A Sparse Completely Positive Relaxation of the Modularity Maximization for Community Detection

TL;DR

This paper introduces a novel sparse, low-rank completely positive relaxation for modularity maximization in community detection, with an efficient algorithm and strong theoretical guarantees, outperforming existing methods on large sparse networks.

Contribution

It proposes a new relaxation approach and an efficient algorithm for community detection, with theoretical convergence and misclassification bounds, applicable to very large networks.

Findings

Outperforms existing methods in accuracy and efficiency

Effective on networks with over 50 million nodes

Provides theoretical guarantees for convergence and misclassification

Abstract

In this paper, we consider the community detection problem under either the stochastic block model (SBM) assumption or the degree-correlated stochastic block model (DCSBM) assumption. The modularity maximization formulation for the community detection problem is NP-hard in general.

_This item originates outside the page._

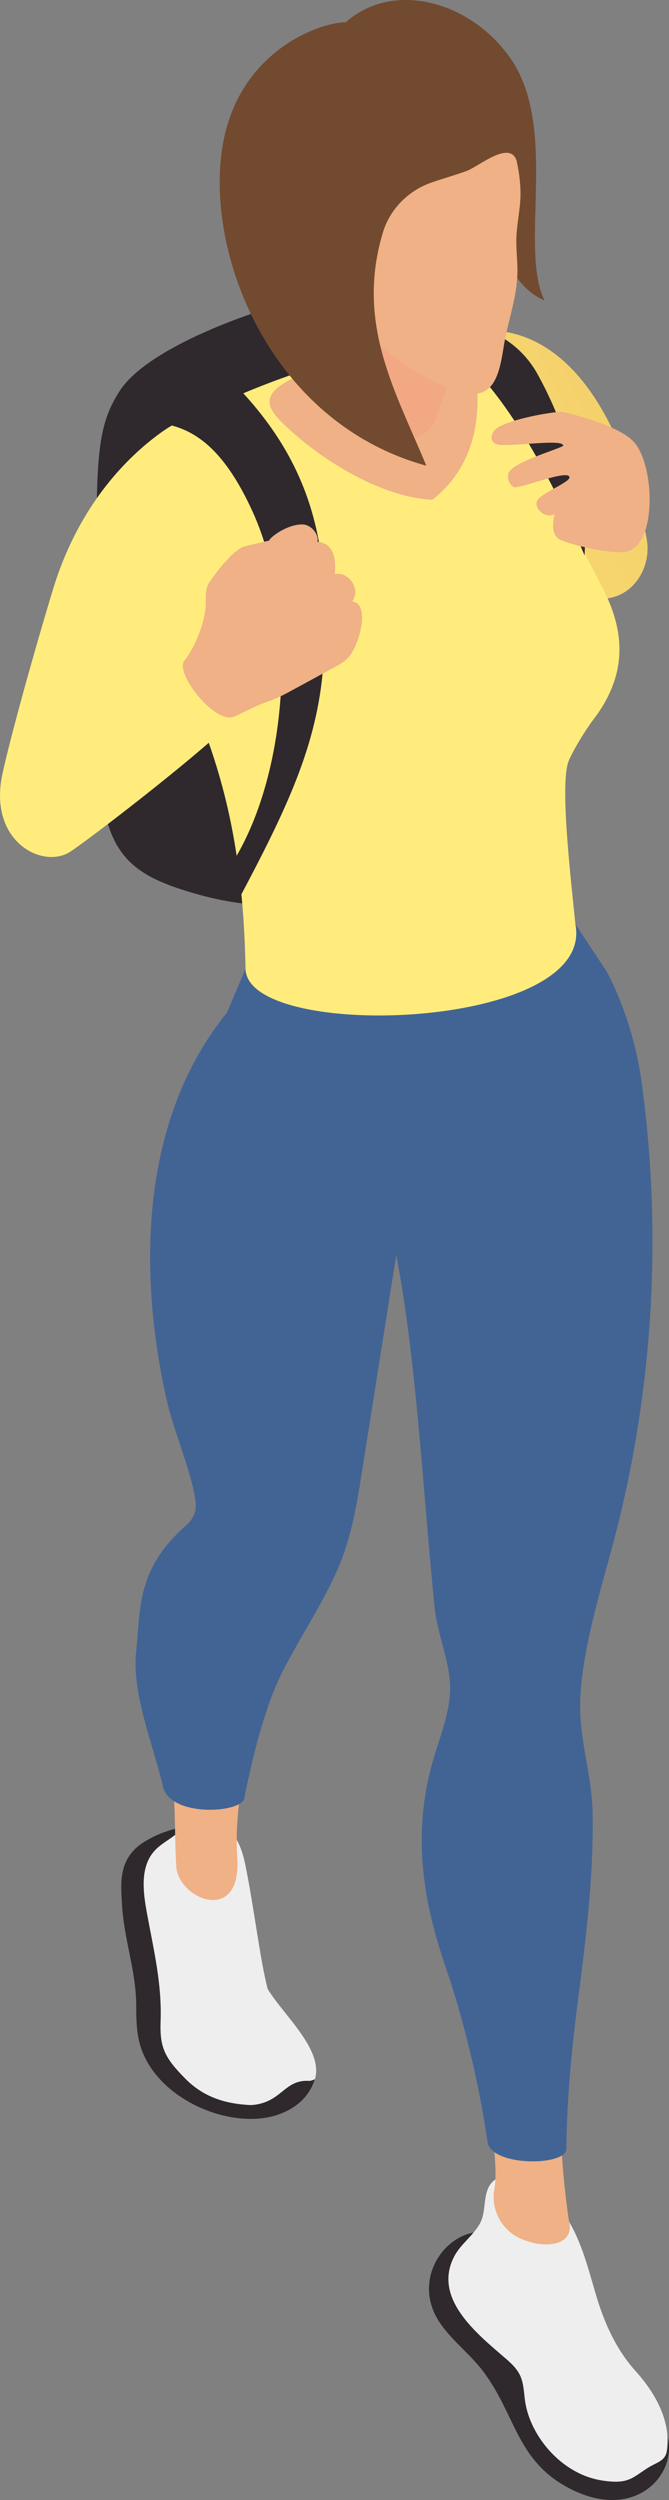 <?xml version="1.0" encoding="UTF-8"?><svg id="_x30_" xmlns="http://www.w3.org/2000/svg" xmlns:xlink="http://www.w3.org/1999/xlink" viewBox="0 0 26.902 100.507"><rect x="0" y="0" width="26.902" height="100.507" fill="#808080" stroke="none"/><defs><style>.cls-1{fill:none;}.cls-2{fill:#efb185;}.cls-3{fill:url(#_裼_胙琅韃_867);}.cls-4{fill:#724a2f;}.cls-5{fill:#426495;}.cls-6{fill:#2f292d;}.cls-7{fill:#ffec7d;}.cls-8{fill:#f2a883;}.cls-9{fill:#eee;}</style><linearGradient id="_裼_胙琅韃_867" x1="9.424" y1="24.789" x2="24.828" y2="17.181" gradientUnits="userSpaceOnUse"><stop offset="0" stop-color="#ffec7d"/><stop offset="1" stop-color="#f4d06b"/></linearGradient><clipPath id="clippath"><rect class="cls-1" x="-47.991" y="-54.122" width="50.997" height="144.854"/></clipPath></defs><g id="_x31_4"><path class="cls-6" d="M13.078,11.814c-2.185.37-7.033,2.026-8.248,3.879-1.22,1.86-.953,3.464-.842,14.408.038,3.782.891,4.865,3.269,5.644,2.161.708,4.675,1.051,6.594-.168,2.181-1.385,4.068-6.335,4.419-7.626.448-1.644.573-3.347.648-9.862.01-.9-1.592-6.994-5.841-6.275Z"/><path class="cls-6" d="M17.705,93.408c.494.712,1.21,1.242,1.731,1.935,1.349,1.796,1.336,3.72,3.681,4.803,2.541,1.174,4.199-.766,3.696-2.299-.092-.281-6.013-7.544-6.595-7.883-1.734-1.01-3.933,1.397-2.512,3.444Z"/><path class="cls-9" d="M18.262,90.721c-.868,1.676.909,3.095,2.043,4.071.235.203.472.418.605.699.16.335.154.721.212,1.087.217,1.368,1.458,2.891,3.086,3.143,1.051.163,1.203-.097,1.824-.495.381-.245.722-.275.786-.704.114-.764-.075-1.884-1.271-3.212-.776-.862-1.254-1.94-1.582-3.052-.328-1.112-.609-2.267-1.262-3.225-.45-.66-2.121-2.19-2.935-1.276-.367.412-.201,1.133-.458,1.613-.271.506-.783.839-1.049,1.351Z"/><path class="cls-6" d="M5.532,74.241c-.772.657-.67,1.547-.625,2.339.08,1.398.57,2.667.571,4.067.001.522.009,1.047.151,1.549.854,3.007,6.193,4.271,6.997,1.288.156-.581-.447-.539-.843-.991-1.546-1.765-2.832-3.876-3.06-6.211-.07-.715.276-2.588-.565-2.806-.833-.216-2.123.337-2.626.765Z"/><path class="cls-9" d="M10.765,79.965c-.313-1.199-.539-3.225-.902-5.005-.116-.566-.383-1.415-.958-1.467-1.193-.109-1.757.189-1.757.189-.302.263-.679.437-.944.736-.575.648-.454,1.635-.297,2.486.274,1.494.607,2.841.551,4.362-.038,1.045.16,1.459,1,2.307.911.919,2.074,1.149,3.619,1.036.613-.045,1.283-.315,1.533-.876.54-1.212-1.177-2.671-1.845-3.768Z"/><path class="cls-6" d="M12.44,83.656c.07.004.222-.066.222-.066-.701,2.172-4.114,1.595-2.558,1.04,1.236-.088,1.303-1.04,2.336-.974Z"/><path class="cls-2" d="M7.087,75.022c-.031-.571-.04-1.059-.049-1.505-.02-1.017-.035-1.816-.285-2.885-.123-.522-.302-1.033-.476-1.527-.336-.958-.683-1.949-.593-3.026.003-.033.021-.063.048-.083.019-.013.042-.02.065-.02,1.662.442,3.354.762,4.99,1.072l.245.045c.034.007.064.029.08.06s.017.068.002.1c-1.117,2.433-1.72,5.269-1.574,7.402.192,2.765-2.383,1.699-2.454.366Z"/><path class="cls-2" d="M21.95,90.23c-.328,0-.687-.084-1.039-.244-.749-.34-1.183-1.173-1.032-1.981.046-.247.058-.554.038-.964-.107-2.026-.461-4.352-1.023-6.726-.008-.034,0-.07.022-.097.022-.027.054-.042.089-.042,1.22.017,2.43.055,3.628.114.031.001.06.015.08.039.021.023.031.054.028.085-.321,3.371-.279,6.03.14,8.893.065.239.035.45-.091.614-.156.203-.446.31-.838.31Z"/><path class="cls-5" d="M25.804,43.511c-.203-1.483-.704-3.143-1.413-4.462l-1.36-2.056-13.158,1.952-.744,1.76c-3.68,4.536-3.473,10.897-2.442,15.509.315,1.411,1.071,3.073,1.184,4.227.032.331-.119.647-.369.866-2.031,1.779-1.84,3.339-2.029,5.103-.179,1.665.698,3.785,1.066,5.35.198,1.286,3.051,1.159,3.279.567.297-1.524.809-3.628,1.47-4.973.74-1.507,1.801-3.02,2.419-4.581.463-1.17.663-2.424.859-3.667.456-2.882.911-5.764,1.367-8.646.815,4.219,1.054,9.287,1.545,14.176.118,1.172.692,2.288.614,3.464-.058.864-.383,1.684-.633,2.513-.879,2.921-.524,5.611.469,8.495.63,1.83,1.29,4.342,1.685,7.054.236.944,3.16.92,3.16.228.02-1.833.182-3.767.477-6.039.351-2.707.624-5.063.58-7.463-.026-1.405-.416-2.523-.492-3.925-.108-1.994.745-4.79,1.266-6.718,1.645-6.081,2.055-12.492,1.198-18.733Z"/><path class="cls-3" d="M21.979,22.703c.808,1.099,1.68,1.442,2.432,1.354,1.099-.129,1.785-1.274,1.599-2.365-.44-2.583-2.174-8.606-6.689-8.416-3.355.141,1.442,7.772,2.658,9.426Z"/><path class="cls-7" d="M5.05,19.541c-.279,1.571.732,4.226,1.12,5.088,1.929,4.281,3.575,7.35,3.703,14.316.054,2.952,14.105,2.481,13.264-1.791-.143-1.503-.646-5.608-.272-6.555.167-.421.706-1.293.982-1.652,1.304-1.696,1.367-3.397.407-5.263-.701-1.363-1.474-2.785-2.078-4.199-.372-.87-.746-1.62-.926-2.549-.219-1.134.147-4.304-3.224-3.617-3.234.659-12.424,3.104-12.977,6.222Z"/><path class="cls-7" d="M.101,31.096c-.583,2.666,1.509,3.815,2.649,3.191.45-.246,5.08-3.787,6.553-5.26.719-.719-1.209-3.413-1.974-2.647,0,0,3.227-7.482.645-9.547-.291-.232-1.216.25-2.256,1.159-1.709,1.494-2.909,3.485-3.572,5.655-.747,2.446-1.713,5.931-2.045,7.449Z"/><path class="cls-6" d="M9.778,15.805c-.49-.265-2.989.762-2.868,1.301,1.094.293,2.179,1.121,3.24,3.446,1.786,3.912,1.517,10.128-.634,13.852-.285.494-.031,1.585.191,1.55,1.96-3.702,3.134-6.246,3.313-9.506.216-3.931-.171-7.294-3.242-10.643Z"/><path class="cls-6" d="M23.506,22.327c.093-1.439-.255-4.321-1.889-7.284-.794-1.44-2.417-2.268-4.021-1.901-.415.095-.686.24-.647.414,3.188.448,6.556,8.771,6.556,8.771Z"/><path class="cls-2" d="M14.162,24.184c.376-.524-.171-1.227-.696-1.103.018-.326.031-.671-.129-.956-.114-.204-.352-.344-.574-.341.075-.27-.227-.701-.617-.701-.593,0-1.26.49-1.33.654-.265.053-.824.191-.971.226-.495.118-1.409,1.363-1.497,1.583-.089.224-.072.474-.075.716-.009.743-.448,1.795-.858,2.291-.41.496,1.245,2.613,2.02,2.25.378-.177.956-.474,1.271-.575.401-.128.773-.331,1.142-.532.544-.296,1.088-.593,1.632-.889.157-.086.315-.172.448-.291.528-.471.986-2.27.234-2.332Z"/><path class="cls-2" d="M20.105,17.885c.686.05,2.543-.243,2.543.031-.076.108-1.783.582-2.144,1.012-.162.194-.06.532.159.658.169.097,2.211-.747,2.236-.398.014.183-.878.528-1.226.844-.315.285.177.852.623.647-.07.336-.118.743.141.968.214.185,2.328.73,2.884.493,1.108-.471.978-3.493.163-4.38-.497-.541-1.915-.987-2.872-1.2-.163-.036-1.844.215-2.554.604-.358.196-.43.687.046.722Z"/><path class="cls-2" d="M11.401,17.045c1.371,1.336,3.829,2.941,5.985,3.048,1.807-1.422,1.869-3.439,1.801-4.571-.148-2.433-3.519-1.629-5.025-1.181-3.822,1.137-3.727,1.763-2.76,2.705Z"/><path class="cls-8" d="M17.524,16.826c-.193.553-.768.882-1.339.752-1.835-.417-4.704-1.459-3.859-3.119,1.039-2.041,1.264-2.255,1.494-4.295.085-.756.975-1.103,1.569-.627,1.793,1.438,3.183,3.964,2.844,5.124-.202.692-.479,1.502-.71,2.166Z"/><path class="cls-4" d="M21.894,12.078c-2.038-.836-2.432-4.751-2.678-5.755-.182-.742-.734-4.226,1.015-4.36,2.404,2.741.579,7.88,1.663,10.115Z"/><path class="cls-2" d="M20.931,7.831c-.007.579-.147,1.149-.166,1.728-.016.481.053.962.041,1.444-.026,1.009-.404,1.97-.557,2.967-.273,1.772-.69,2.744-3.806.806-1.356-.844-4.567-4.039-4.548-5.043.019-1.004.296-1.985.653-2.915.357-.93.809-1.844,1.501-2.526.692-.682,1.661-1.103,2.582-.909.303.064.59.19.875.315.767.337,2.013.6,2.598,1.258.576.648.837,2.018.827,2.876Z"/><path class="cls-4" d="M19.665,1.366c-1.794-1.602-4.233-1.841-5.759-.47-1.011,0-3.918,1.036-4.802,4.266-1.155,4.222,1.382,11.729,8.038,13.56-1.201-2.924-2.86-5.681-1.743-9.38.285-.944,1.032-1.688,1.964-2.008.538-.185,1.081-.337,1.427-.471.462-.179,1.687-1.215,1.975-.429,0,0,1.39-2.843-1.101-5.068Z"/></g></svg>

In this paper, we propose a sparse and low-rank completely positive relaxation for the modularity maximization problem, we then develop an efficient row-by-row (RBR) type block coordinate descent (BCD) algorithm to solve the relaxation and prove an $\mathcal{O}(1/\sqrt{N})$ convergence rate to a stationary point where $N$ is the number of iterations. A fast rounding scheme is constructed to retrieve the community structure from the solution. Non-asymptotic high probability bounds on the misclassification rate are established to justify our approach. We further develop an asynchronous parallel RBR algorithm to speed up the convergence. Extensive numerical experiments on both synthetic and real world networks show that the proposed approach enjoys advantages in both clustering accuracy and numerical efficiency. Our numerical results indicate that the newly proposed method is a quite competitive alternative for community detection on sparse networks with over 50 million nodes.